When the city sent out a CodeRED alert at 11:30 a.m. on Monday encouraging the residents of Wheel Estates Mobile Home Park to evacuate ahead of Hurricane Sandy, the DeRosambeau family of Apache Drive didn't hesitate to pack up some belongings and head to the emergency shelter at St. Elizabeth's Parish Center.
"We used to live in Florida and down there, mobile homes are protected from flipping over," Arthur DeRosambeau said Monday afternoon. "The mobile homes up here are just sitting on cement blocks. I tried to shore up the house the best I could before we left."
DeRosambeau, his wife, Linda, their grandson, Nathan Shute, and his 3-year-old daughter, Pamela, arrived at the emergency shelter a little after 12:30 p.m.
"Our son lives in Ware and we were thinking of heading there, but it's just as bad," Linda DeRosambeau said.
While the family was setting up cots for the night, other residents from Wheel Estates were beginning to show up. Many residents of the 200 units were hesitant to leave their homes, but they began arriving after the officers from the North Adams Police Department came up to the park to evacuate residents at 4:15 p.m. As of 7 p.m., there were 10 residents from Wheel Estates and two other city residents at the shelter.
The city declared a state of emergency Monday at noon, which is in effect until further notice. There is no parking on city streets while it is effect. Sandy was downgraded to a posttropical cyclone by the National Weather
While rain and high winds from Hurricane Sandy held off until mid-afternoon, the city began receiving calls about downed trees as early as 11 a.m. The city's fire and police departments, along with the Department of PublicWorks crews, responded to about 15 downed tree or wire reports by 6:30 p.m., including a tree that fell into a house on Notch Road.
Mayor Richard J. Alcombright said power outages had been reported in several parts of the city - on the Mohawk Trail and Rock, Peeble, Furnace, and Francis streets, as well as on Notch and Reservoir roads - as a result of high winds knocking trees into wires. He said National Grid was responding to outages as quickly as possible.
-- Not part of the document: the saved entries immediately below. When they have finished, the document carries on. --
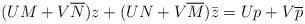
LaTeX: \begin{align*}(UM + V\overline{N})z + (UN+V\overline{M})\bar{z} = Up + V\overline{p}\end{align*}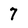
Character: 7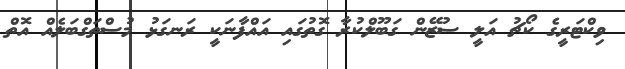
ވިކްޓަރީގެ ކޯޗު އަލީ ސުޒޭން ގަބޫލްކުރާ ގޮތުގައި އައްފާނަކީ ރަނގަޅު މުސްތަގްބަލެއް އޮތް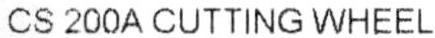
CS 200A CUTTING WHEEL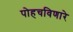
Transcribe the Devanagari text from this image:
पोहचविणारे

"At this time our local resources are able to handle things. Everyone is out working or checking situations at this time," the mayor said.
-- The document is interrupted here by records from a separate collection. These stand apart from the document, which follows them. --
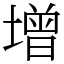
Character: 增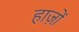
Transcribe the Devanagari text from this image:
हाज़ों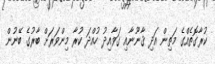
ކުރާގޮތެއްގެ މަތިން އަދި ޤާނޫނާއި ގަވާއިދު ހުއްދަ ކުރާ މިންވަރަށް ބާރުގެ ބޭނުން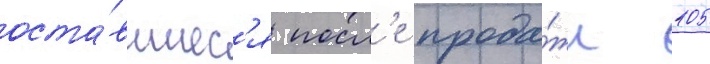
оста́вшиес'я посл'е прода́жи 105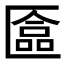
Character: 𫧗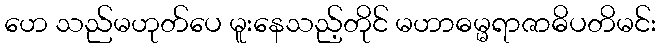
ဟေ သည်မဟုတ်ပေ မူးနေသည့်တိုင် မဟာဓမ္မရာဇာဓိပတိမင်း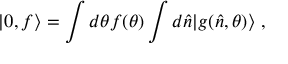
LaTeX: | 0 , f \rangle = \int d \theta f ( \theta ) \int d \hat { n } | g ( \hat { n } , \theta ) \rangle ~ ,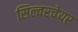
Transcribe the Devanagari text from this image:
सिल्वरचेयर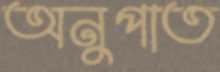
অনুপাত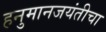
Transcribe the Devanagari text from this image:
हनुमानजयंतीचा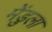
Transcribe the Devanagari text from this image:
मेंडुला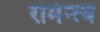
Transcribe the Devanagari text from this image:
रोमेन्त्च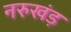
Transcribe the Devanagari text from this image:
नरुखंड़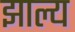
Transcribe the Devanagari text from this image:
झाल्य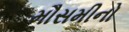
મૌસમીનો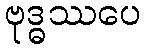
ဗုဒ္ဓဿပေ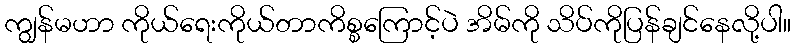
ကျွန်မဟာ ကိုယ်ရေးကိုယ်တာကိစ္စကြောင့်ပဲ အိမ်ကို သိပ်ကိုပြန်ချင်နေလို့ပါ။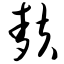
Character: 麸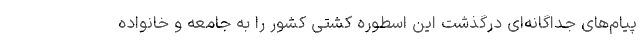
پیام‌های جداگانه‌ای درگذشت این اسطوره کشتی کشور را به جامعه و خانواده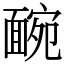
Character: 䩊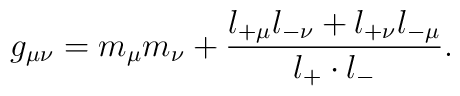
g_{\mu\nu}=m_\mu m_\nu+\frac{l_{+\mu}l_{-\nu}+l_{+\nu}l_{-\mu}}{l_+ \cdot l_-}.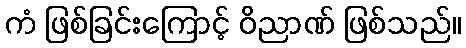
ကံ ဖြစ်ခြင်းကြောင့် ဝိညာဏ် ဖြစ်သည်။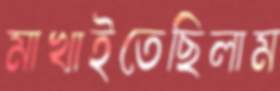
মাখাইতেছিলাম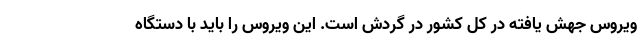
ویروس جهش یافته در کل کشور در گردش است. این ویروس را باید با دستگاه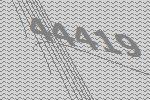
44419

However, the unpredictable nature of the storm was making planning hard for the city's emergency team.
"We probably won't know what we're looking at fully until [Tuesday] morning," the mayor said. "We're just looking to sustain ourselves through the night, as the winds are expected to continue."
The mayor said that even though flood warnings had been issued, emergency personnel were more concerned with wind damage than flooding.
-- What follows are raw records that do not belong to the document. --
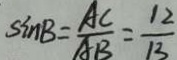
\sin B = \frac { A C } { A B } = \frac { 1 2 } { 1 3 }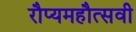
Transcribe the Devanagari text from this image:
रौप्यमहौत्सवी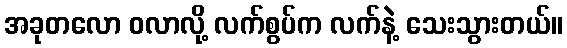
အခုတလော ဝလာလို့ လက်စွပ်က လက်နဲ့ သေးသွားတယ်။

"The rain shouldn't be too significant, as the ground can stand it," Alcombright said. "Our rivers, brooks and streams are way down. There's a lot of volume that can be taken by them. We didn't have to drain our reservoirs, as they were already down. When Irene hit last year, we had a lot of rain, while the eastern end of the state had a lot of wind damage. I think we're seeing something similar to that tonight."
The North Adams Public Schools - Brayton, Greylock and Sullivan elementary and Drury High School - remain closed today.
City offices will open today at 11 a.m., including City Hall, the North Adams Public Library and the Mary Spitzer Center.
In Clarksburg, the town Highway Department was working in tandem with the town fire and police departments, clearing trees from the road as needed, Town Administrator Tom Webb said Monday night.
The town declared a state of emergency at noon on Monday, which remains in effect until further notice. Webb said town offices should be open today, but a decision would be made in the morning based on the storm.
Clarksburg Elementary School remains closed today, and the town has rescheduled trick or treat for Friday, from 5 to 7 p.m. A breakfast scheduled for this morning at the Senior Center has been canceled.
The town set up an emergency operations center at the Clarksburg Fire Station, which was open throughout the night and had prepped for an emergency shelter at the town's senior center. However, as of 7 p.m., the shelter had not been opened.
"Our residents have the ability to go to the shelter at St. Elizabeth's Parish Center, as it's acting as a regional shelter as well," Police Chief Michael Williams said. He said the only major storm-related calls had been for fallen trees.